**INPUT FOR THIS TASK:**
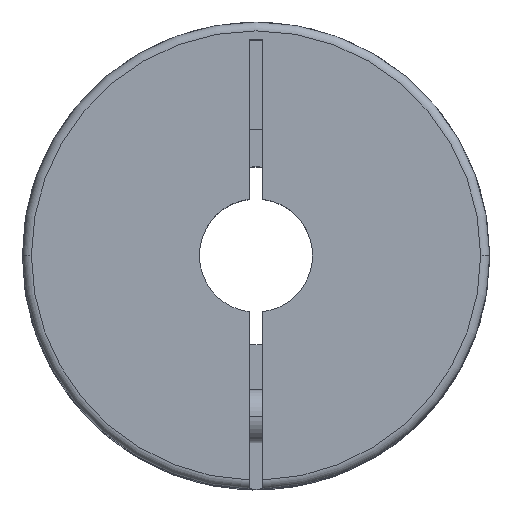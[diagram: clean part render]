
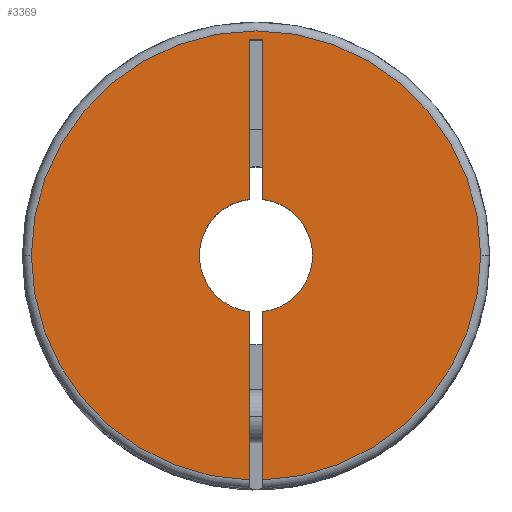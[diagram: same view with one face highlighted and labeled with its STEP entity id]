
A CAD part, top view. The second image highlights one B-rep face of the part: STEP entity #3369.
In plain terms, the highlighted planar face has unit normal (0, 0, 1).
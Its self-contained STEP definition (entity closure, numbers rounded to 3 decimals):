
#8 = ORIENTED_EDGE ( 'NONE', *, *, #2596, .F. ) ;
#16 = FACE_OUTER_BOUND ( 'NONE', #3310, .T. ) ;
#37 = DIRECTION ( 'NONE',  ( 0., -1., 0. ) ) ;
#69 = CARTESIAN_POINT ( 'NONE',  ( 0.375, 12.1, 0. ) ) ;
#202 = LINE ( 'NONE', #487, #3148 ) ;
#262 = VERTEX_POINT ( 'NONE', #1404 ) ;
#268 = CARTESIAN_POINT ( 'NONE',  ( 0.375, -12.594, 0. ) ) ;
#272 = ORIENTED_EDGE ( 'NONE', *, *, #3149, .T. ) ;
#273 = VERTEX_POINT ( 'NONE', #268 ) ;
#341 = VECTOR ( 'NONE', #1522, 1000. ) ;
#355 = DIRECTION ( 'NONE',  ( 0., 1., 0. ) ) ;
#366 = CARTESIAN_POINT ( 'NONE',  ( -0.375, 12.1, 0. ) ) ;
#385 = EDGE_CURVE ( 'NONE', #3290, #932, #1521, .T. ) ;
#453 = AXIS2_PLACEMENT_3D ( 'NONE', #701, #3597, #3713 ) ;
#464 = VECTOR ( 'NONE', #3544, 1000. ) ;
#474 = DIRECTION ( 'NONE',  ( -1., 0., 0. ) ) ;
#487 = CARTESIAN_POINT ( 'NONE',  ( -0.375, 12.1, 0. ) ) ;
#565 = ORIENTED_EDGE ( 'NONE', *, *, #2670, .F. ) ;
#619 = ORIENTED_EDGE ( 'NONE', *, *, #3844, .F. ) ;
#653 = CARTESIAN_POINT ( 'NONE',  ( -3.175, 0., 0. ) ) ;
#686 = CARTESIAN_POINT ( 'NONE',  ( 0., 0., 0. ) ) ;
#697 = DIRECTION ( 'NONE',  ( 0., 0., -1. ) ) ;
#701 = CARTESIAN_POINT ( 'NONE',  ( 0., 0., 0. ) ) ;
#767 = DIRECTION ( 'NONE',  ( 0., 0., -1. ) ) ;
#793 = EDGE_CURVE ( 'NONE', #3794, #273, #833, .T. ) ;
#814 = ORIENTED_EDGE ( 'NONE', *, *, #3446, .F. ) ;
#833 = CIRCLE ( 'NONE', #3045, 12.6 ) ;
#835 = VERTEX_POINT ( 'NONE', #366 ) ;
#847 = ORIENTED_EDGE ( 'NONE', *, *, #2947, .F. ) ;
#932 = VERTEX_POINT ( 'NONE', #1964 ) ;
#1003 = ORIENTED_EDGE ( 'NONE', *, *, #793, .F. ) ;
#1019 = VERTEX_POINT ( 'NONE', #3903 ) ;
#1062 = EDGE_CURVE ( 'NONE', #1228, #3191, #1167, .T. ) ;
#1074 = DIRECTION ( 'NONE',  ( 0., -1., 0. ) ) ;
#1100 = AXIS2_PLACEMENT_3D ( 'NONE', #3709, #697, #37 ) ;
#1167 = CIRCLE ( 'NONE', #1681, 3.175 ) ;
#1226 = PLANE ( 'NONE',  #1100 ) ;
#1228 = VERTEX_POINT ( 'NONE', #653 ) ;
#1238 = CARTESIAN_POINT ( 'NONE',  ( 0.375, -13.1, 0. ) ) ;
#1262 = LINE ( 'NONE', #3395, #341 ) ;
#1356 = CIRCLE ( 'NONE', #2932, 3.175 ) ;
#1404 = CARTESIAN_POINT ( 'NONE',  ( 0.375, -3.153, 0. ) ) ;
#1411 = AXIS2_PLACEMENT_3D ( 'NONE', #686, #3651, #1569 ) ;
#1438 = LINE ( 'NONE', #2055, #464 ) ;
#1448 = CARTESIAN_POINT ( 'NONE',  ( 0.375, 3.153, 0. ) ) ;
#1467 = CIRCLE ( 'NONE', #1411, 3.175 ) ;
#1481 = DIRECTION ( 'NONE',  ( -1., 0., 0. ) ) ;
#1521 = CIRCLE ( 'NONE', #453, 12.6 ) ;
#1522 = DIRECTION ( 'NONE',  ( 0., 1., 0. ) ) ;
#1569 = DIRECTION ( 'NONE',  ( -1., 0., 0. ) ) ;
#1626 = DIRECTION ( 'NONE',  ( -1., 0., 0. ) ) ;
#1672 = VERTEX_POINT ( 'NONE', #2481 ) ;
#1681 = AXIS2_PLACEMENT_3D ( 'NONE', #2682, #2113, #1481 ) ;
#1802 = CARTESIAN_POINT ( 'NONE',  ( 0., 0., 0. ) ) ;
#1816 = ORIENTED_EDGE ( 'NONE', *, *, #385, .F. ) ;
#1832 = LINE ( 'NONE', #69, #3861 ) ;
#1964 = CARTESIAN_POINT ( 'NONE',  ( -12.6, 0., 0. ) ) ;
#2055 = CARTESIAN_POINT ( 'NONE',  ( -0.375, 12.1, 0. ) ) ;
#2113 = DIRECTION ( 'NONE',  ( 0., 0., -1. ) ) ;
#2129 = DIRECTION ( 'NONE',  ( -1., 0., 0. ) ) ;
#2168 = LINE ( 'NONE', #1238, #2480 ) ;
#2245 = CARTESIAN_POINT ( 'NONE',  ( 0., 0., 0. ) ) ;
#2480 = VECTOR ( 'NONE', #355, 1000. ) ;
#2481 = CARTESIAN_POINT ( 'NONE',  ( -0.375, -3.153, 0. ) ) ;
#2499 = CARTESIAN_POINT ( 'NONE',  ( -0.375, 3.153, 0. ) ) ;
#2596 = EDGE_CURVE ( 'NONE', #1672, #3290, #1438, .T. ) ;
#2670 = EDGE_CURVE ( 'NONE', #1019, #835, #1832, .T. ) ;
#2682 = CARTESIAN_POINT ( 'NONE',  ( 0., 0., 0. ) ) ;
#2700 = EDGE_CURVE ( 'NONE', #273, #262, #2168, .T. ) ;
#2784 = ORIENTED_EDGE ( 'NONE', *, *, #1062, .T. ) ;
#2932 = AXIS2_PLACEMENT_3D ( 'NONE', #2245, #3426, #3448 ) ;
#2947 = EDGE_CURVE ( 'NONE', #932, #3794, #2983, .T. ) ;
#2983 = CIRCLE ( 'NONE', #3422, 12.6 ) ;
#2992 = VERTEX_POINT ( 'NONE', #1448 ) ;
#3000 = ORIENTED_EDGE ( 'NONE', *, *, #2700, .F. ) ;
#3009 = DIRECTION ( 'NONE',  ( 0., 0., -1. ) ) ;
#3045 = AXIS2_PLACEMENT_3D ( 'NONE', #1802, #3009, #1626 ) ;
#3113 = CARTESIAN_POINT ( 'NONE',  ( 12.6, 0., 0. ) ) ;
#3148 = VECTOR ( 'NONE', #1074, 1000. ) ;
#3149 = EDGE_CURVE ( 'NONE', #2992, #262, #1467, .T. ) ;
#3191 = VERTEX_POINT ( 'NONE', #2499 ) ;
#3263 = EDGE_CURVE ( 'NONE', #1672, #1228, #1356, .T. ) ;
#3290 = VERTEX_POINT ( 'NONE', #3761 ) ;
#3310 = EDGE_LOOP ( 'NONE', ( #1816, #8, #3357, #2784, #619, #565, #814, #272, #3000, #1003, #847 ) ) ;
#3357 = ORIENTED_EDGE ( 'NONE', *, *, #3263, .T. ) ;
#3369 = ADVANCED_FACE ( 'NONE', ( #16 ), #1226, .F. ) ;
#3395 = CARTESIAN_POINT ( 'NONE',  ( 0.375, -13.1, 0. ) ) ;
#3422 = AXIS2_PLACEMENT_3D ( 'NONE', #3469, #767, #474 ) ;
#3426 = DIRECTION ( 'NONE',  ( 0., 0., -1. ) ) ;
#3446 = EDGE_CURVE ( 'NONE', #2992, #1019, #1262, .T. ) ;
#3448 = DIRECTION ( 'NONE',  ( -1., 0., 0. ) ) ;
#3469 = CARTESIAN_POINT ( 'NONE',  ( 0., 0., 0. ) ) ;
#3544 = DIRECTION ( 'NONE',  ( 0., -1., 0. ) ) ;
#3597 = DIRECTION ( 'NONE',  ( 0., 0., -1. ) ) ;
#3651 = DIRECTION ( 'NONE',  ( 0., 0., -1. ) ) ;
#3709 = CARTESIAN_POINT ( 'NONE',  ( 0., 0., 0. ) ) ;
#3713 = DIRECTION ( 'NONE',  ( -1., 0., 0. ) ) ;
#3761 = CARTESIAN_POINT ( 'NONE',  ( -0.375, -12.594, 0. ) ) ;
#3794 = VERTEX_POINT ( 'NONE', #3113 ) ;
#3844 = EDGE_CURVE ( 'NONE', #835, #3191, #202, .T. ) ;
#3861 = VECTOR ( 'NONE', #2129, 1000. ) ;
#3903 = CARTESIAN_POINT ( 'NONE',  ( 0.375, 12.1, 0. ) ) ;

**EXERCISE BRIEF:** The listing above holds a line with "#1672 = VERTEX_POINT ( 'NONE', #2481 ) ;" and a line with "#2481 = CARTESIAN_POINT". Print the stretch from the first through the second, exactly and alone.

**EXERCISE SOLUTION:**
#1672 = VERTEX_POINT ( 'NONE', #2481 ) ;
#1681 = AXIS2_PLACEMENT_3D ( 'NONE', #2682, #2113, #1481 ) ;
#1802 = CARTESIAN_POINT ( 'NONE',  ( 0., 0., 0. ) ) ;
#1816 = ORIENTED_EDGE ( 'NONE', *, *, #385, .F. ) ;
#1832 = LINE ( 'NONE', #69, #3861 ) ;
#1964 = CARTESIAN_POINT ( 'NONE',  ( -12.6, 0., 0. ) ) ;
#2055 = CARTESIAN_POINT ( 'NONE',  ( -0.375, 12.1, 0. ) ) ;
#2113 = DIRECTION ( 'NONE',  ( 0., 0., -1. ) ) ;
#2129 = DIRECTION ( 'NONE',  ( -1., 0., 0. ) ) ;
#2168 = LINE ( 'NONE', #1238, #2480 ) ;
#2245 = CARTESIAN_POINT ( 'NONE',  ( 0., 0., 0. ) ) ;
#2480 = VECTOR ( 'NONE', #355, 1000. ) ;
#2481 = CARTESIAN_POINT ( 'NONE',  ( -0.375, -3.153, 0. ) ) ;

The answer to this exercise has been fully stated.